Schematical overview of the chemotactical pathway. MCPs refers to the membrane receptor proteins and Che to the intracellular chemotactical proteins.

The chemotactic network is responsible for the directed movement of the bacterium, as a response to changes in the extracellular chemoattractant or chemorepellent concentration. The two types of movement that the bacterium can employ are tumbling (i.e. change in angle and no change in position), occurring when the bacterium doesn’t sense an increase in attractant concentration and running straight ( i.e. change in position and no change in angle), occurring when the attractant concentration is sensed as increasing.

This network consists of membrane receptor proteins (MCPs) and intracellular proteins (Che). MCPs sense the change in input concentration and communicate the information to the proteins CheW and CheA, located inside the cell. The autophosphorylation of CheA mediated by the MCPs is the key step in tumbling induction in response to increased repellent or decreased attractant concentration. The methylation state of the MCPs is influenced by the methyltransferase CheR and the demethylase CheB which counteracts the effect of CheR by demethylation of the receptor complex.
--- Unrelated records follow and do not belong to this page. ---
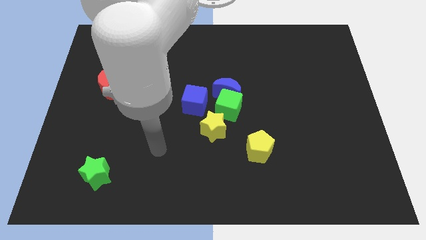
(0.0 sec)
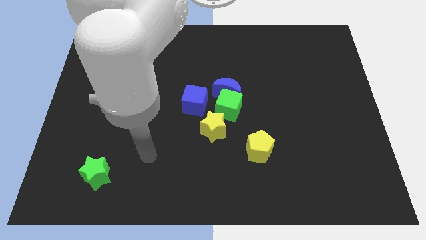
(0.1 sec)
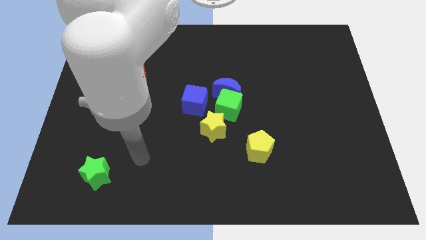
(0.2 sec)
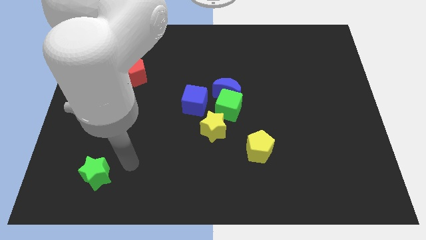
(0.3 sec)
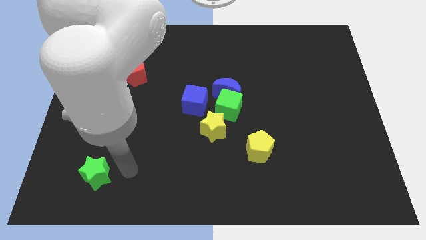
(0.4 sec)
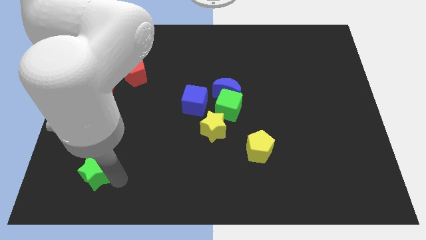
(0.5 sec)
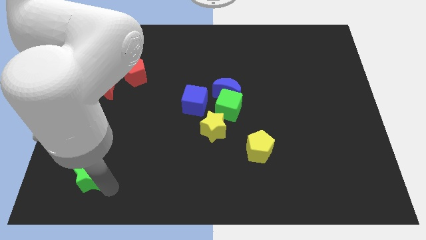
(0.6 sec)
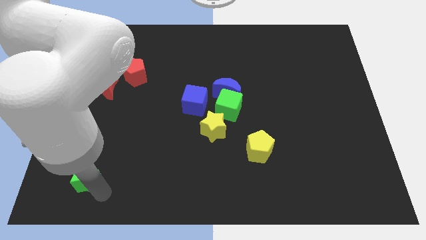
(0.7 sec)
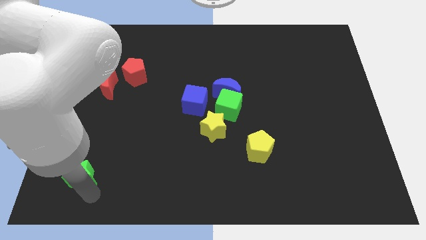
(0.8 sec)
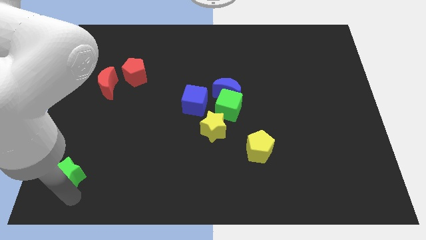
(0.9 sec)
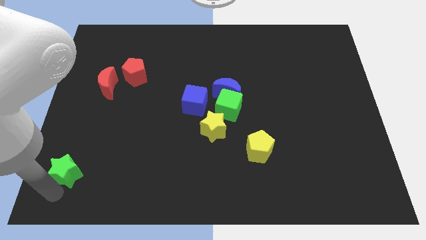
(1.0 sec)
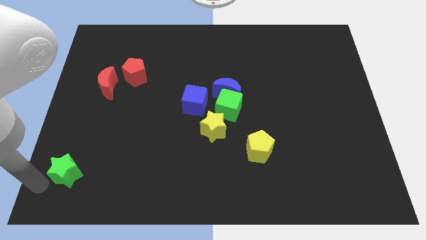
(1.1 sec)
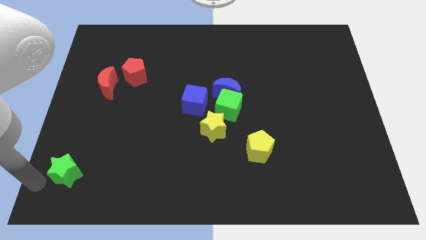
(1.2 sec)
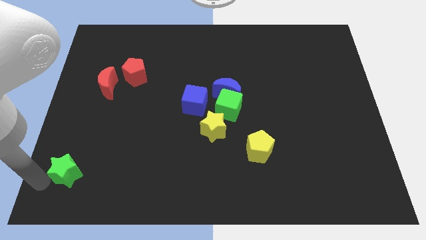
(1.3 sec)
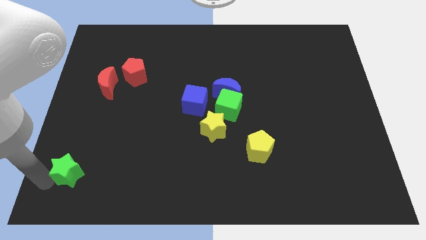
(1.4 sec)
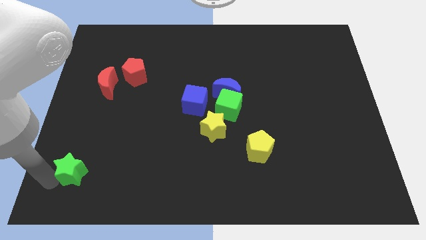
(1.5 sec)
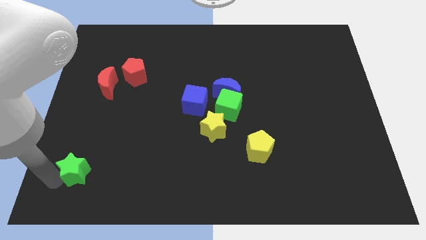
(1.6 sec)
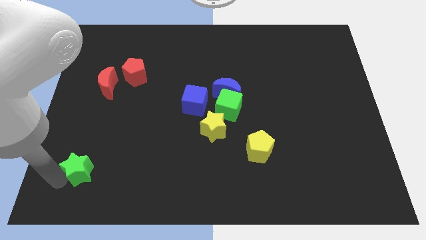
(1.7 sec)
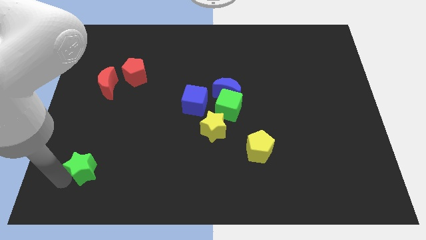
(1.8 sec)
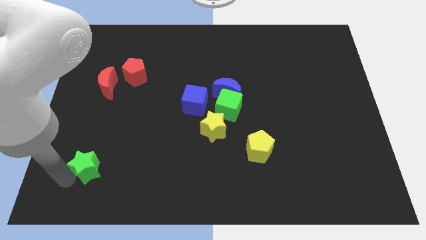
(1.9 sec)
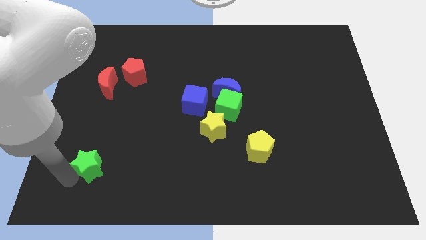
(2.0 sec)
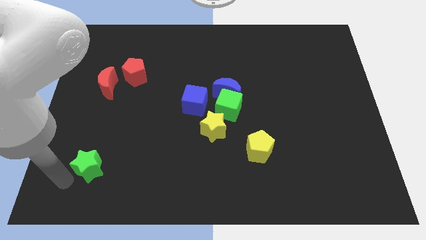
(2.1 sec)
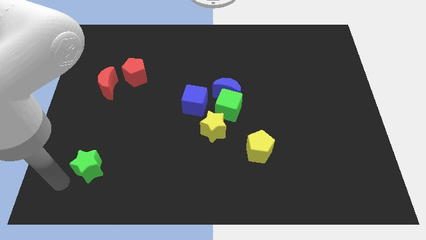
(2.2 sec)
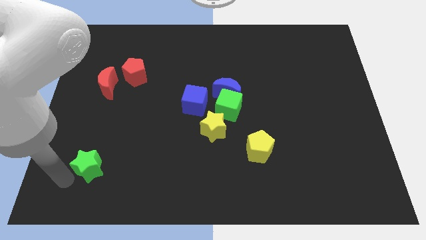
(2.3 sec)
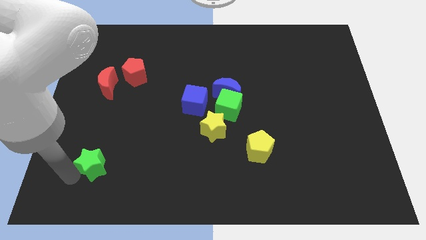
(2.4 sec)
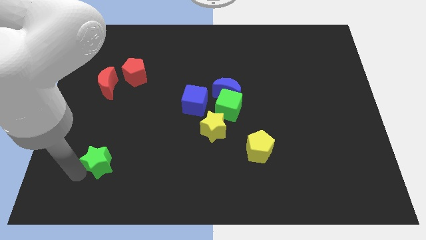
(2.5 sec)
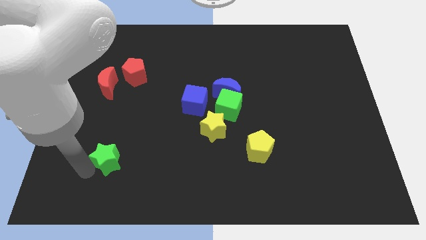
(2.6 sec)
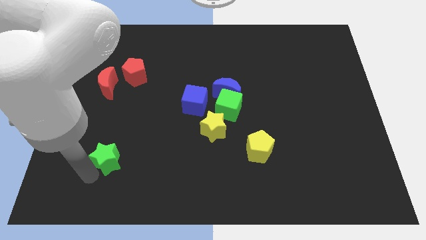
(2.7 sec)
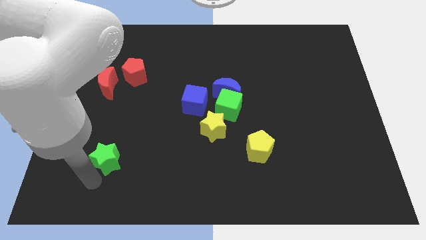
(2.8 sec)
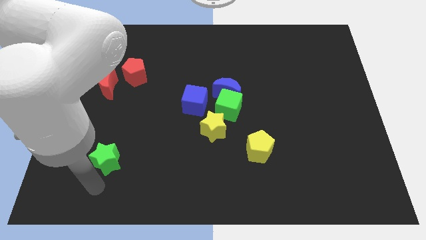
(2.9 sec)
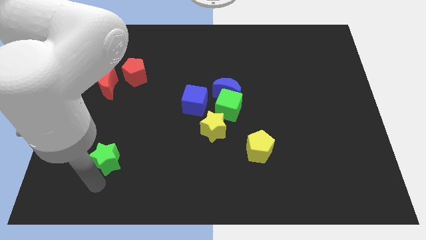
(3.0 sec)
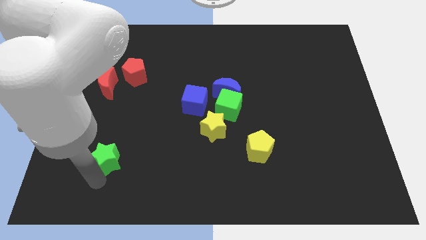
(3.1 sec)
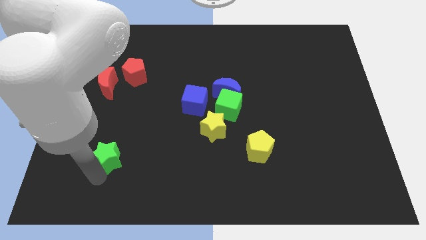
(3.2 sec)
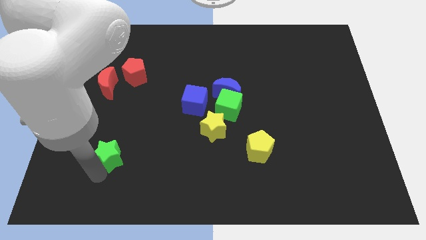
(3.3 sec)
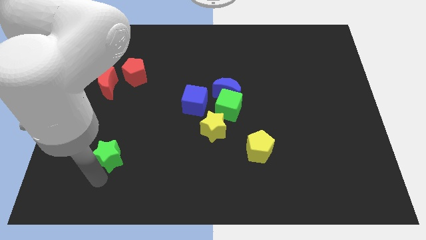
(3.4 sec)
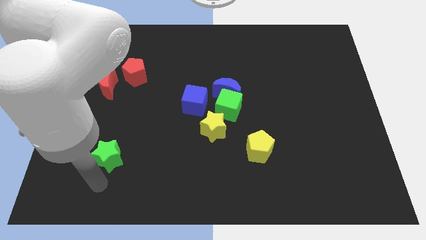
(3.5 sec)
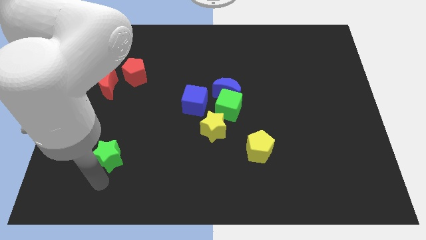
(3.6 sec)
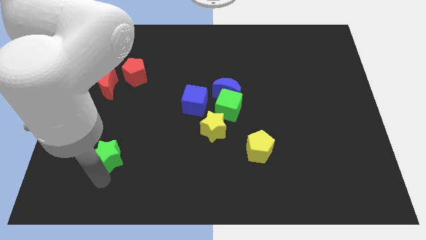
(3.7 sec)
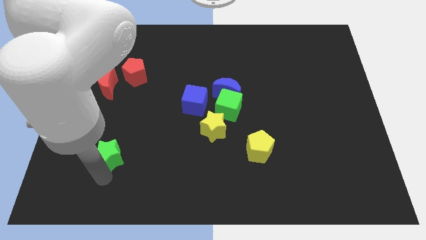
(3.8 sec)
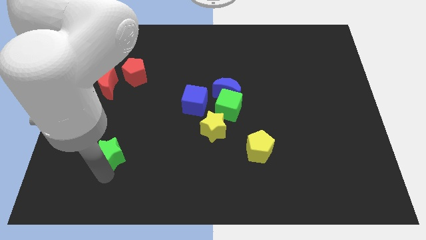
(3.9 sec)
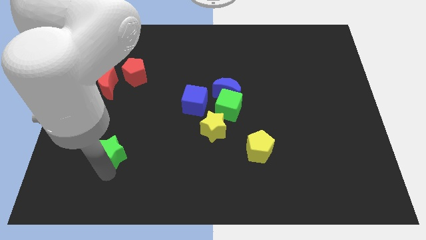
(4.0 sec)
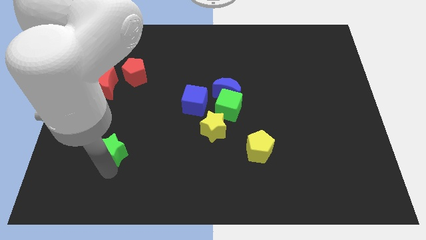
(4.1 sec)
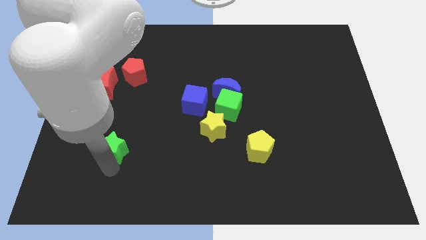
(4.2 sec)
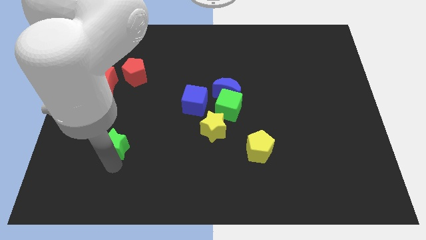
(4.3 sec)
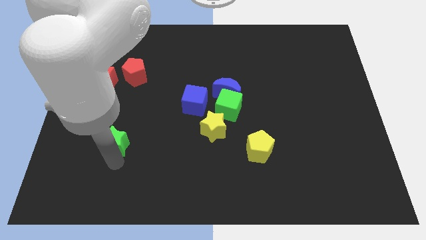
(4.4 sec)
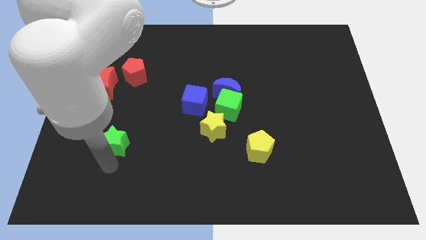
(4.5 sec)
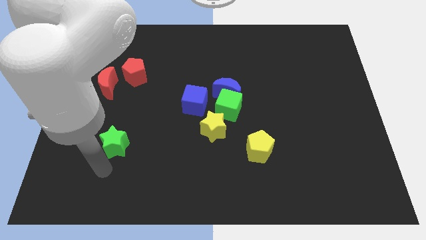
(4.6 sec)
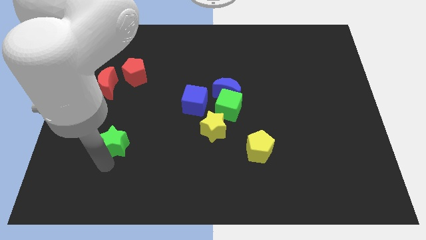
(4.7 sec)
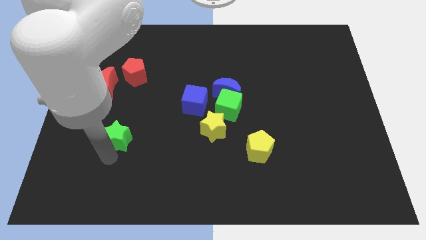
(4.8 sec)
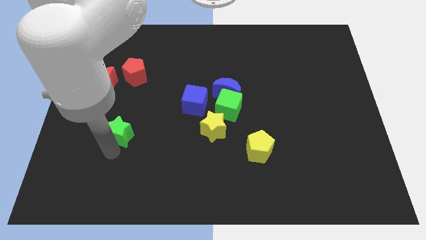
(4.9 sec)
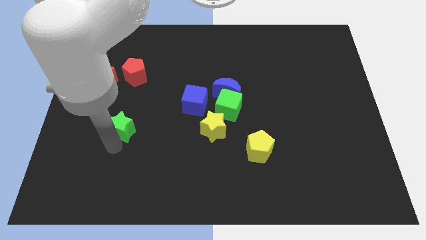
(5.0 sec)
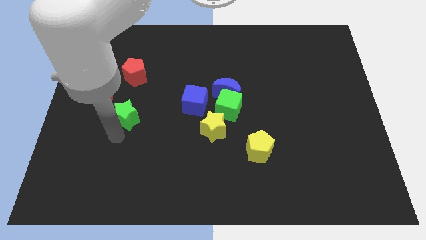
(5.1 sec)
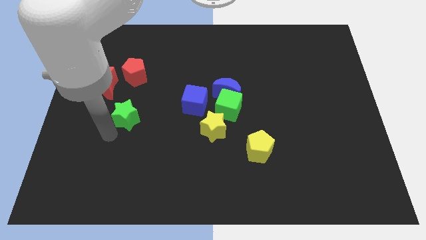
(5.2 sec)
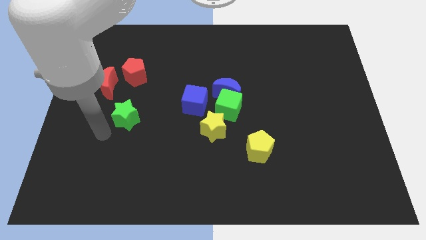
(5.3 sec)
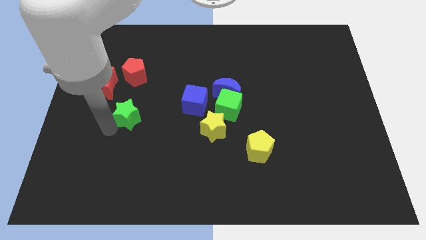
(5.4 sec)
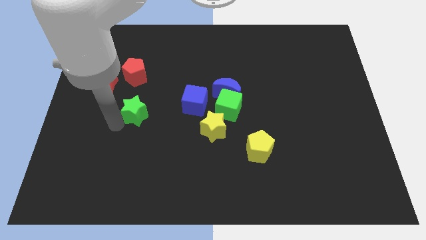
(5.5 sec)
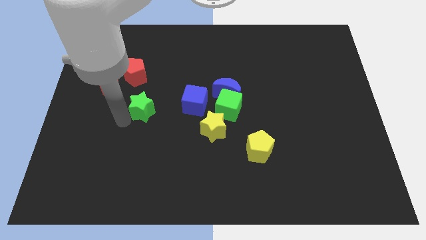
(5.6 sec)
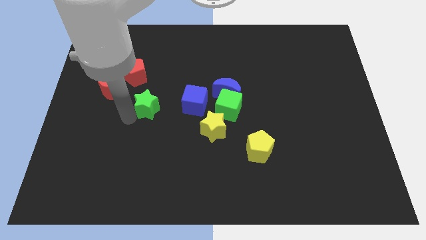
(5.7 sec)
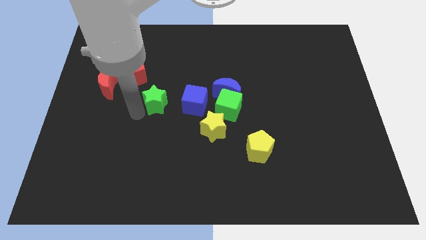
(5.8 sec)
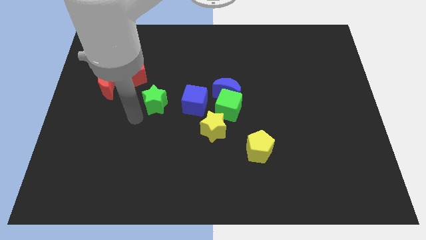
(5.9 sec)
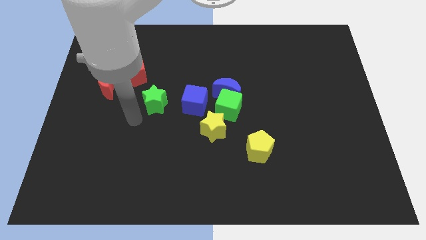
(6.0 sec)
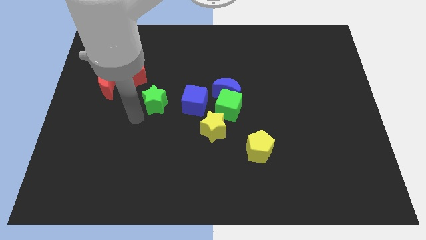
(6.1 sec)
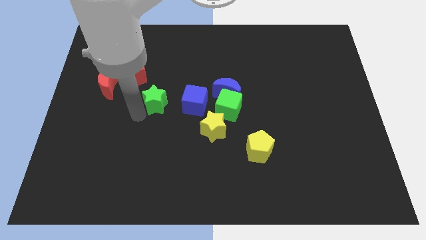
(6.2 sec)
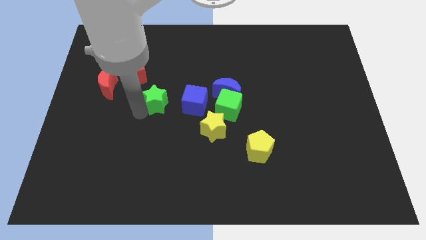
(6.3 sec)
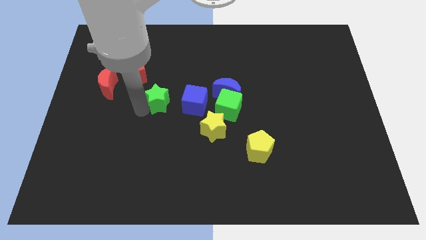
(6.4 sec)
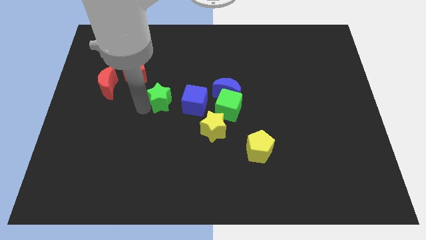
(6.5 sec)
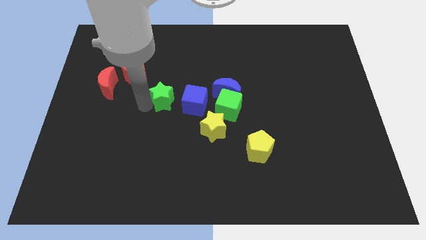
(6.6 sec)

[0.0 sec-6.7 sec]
push the green star to the top left side of the blue cube

CheA phosphorylates CheY which then diffuses through the cytoplasm to the flagellar motor protein FliM where it induces tumbling. The phosphatase CheZ regulates the signal termination through dephosphorylation of CheYp [8].
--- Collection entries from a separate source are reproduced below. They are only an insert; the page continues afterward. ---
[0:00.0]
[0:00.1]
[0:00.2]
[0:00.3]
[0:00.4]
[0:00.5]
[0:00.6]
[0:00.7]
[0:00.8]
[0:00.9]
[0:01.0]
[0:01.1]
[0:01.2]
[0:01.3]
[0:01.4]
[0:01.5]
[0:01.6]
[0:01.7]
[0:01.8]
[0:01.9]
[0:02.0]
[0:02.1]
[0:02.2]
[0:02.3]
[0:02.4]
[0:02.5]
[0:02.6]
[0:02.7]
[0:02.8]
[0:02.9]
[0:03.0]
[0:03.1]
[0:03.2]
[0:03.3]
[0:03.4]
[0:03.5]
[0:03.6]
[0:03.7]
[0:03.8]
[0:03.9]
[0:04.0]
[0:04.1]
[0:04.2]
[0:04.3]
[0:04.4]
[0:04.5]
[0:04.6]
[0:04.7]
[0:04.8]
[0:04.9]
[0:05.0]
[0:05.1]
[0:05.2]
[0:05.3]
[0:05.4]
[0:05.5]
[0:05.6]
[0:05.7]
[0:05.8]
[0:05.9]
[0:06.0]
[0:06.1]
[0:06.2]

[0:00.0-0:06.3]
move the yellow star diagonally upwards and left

The movement simulation algorithm (stochastic movement model) takes into consideration the change in the angle, as you can see here Movement. A running state is defined by BOTH a change in the movement angle AND a change in the spatial coordinates. As the E.coli runs along an axis, its coordinates obviously change. In contrast to this, during the tumbling state, only the movement angle changes. As the bacterium remains at its place, no change in the spatial coordinates is predicted. It is suggested by the model that the stochastic distribution of the two states are CheYp dependent. For example at CheYp = 12.5 nM, both states are equally probable, but when CheYp is increased to 25 nM, tumbling is dominant. Our models are strongly supported by other simulation studies, which predict that the phosphorylation level of CheY interacts with the flagellum apparatus and therefore also influences the stochastic distribution of the two states. In E. coli, these two types of movements correspond to different rotation directions of its 4 flagellar motors (clockwise: tumbling; counter-clockwise: running).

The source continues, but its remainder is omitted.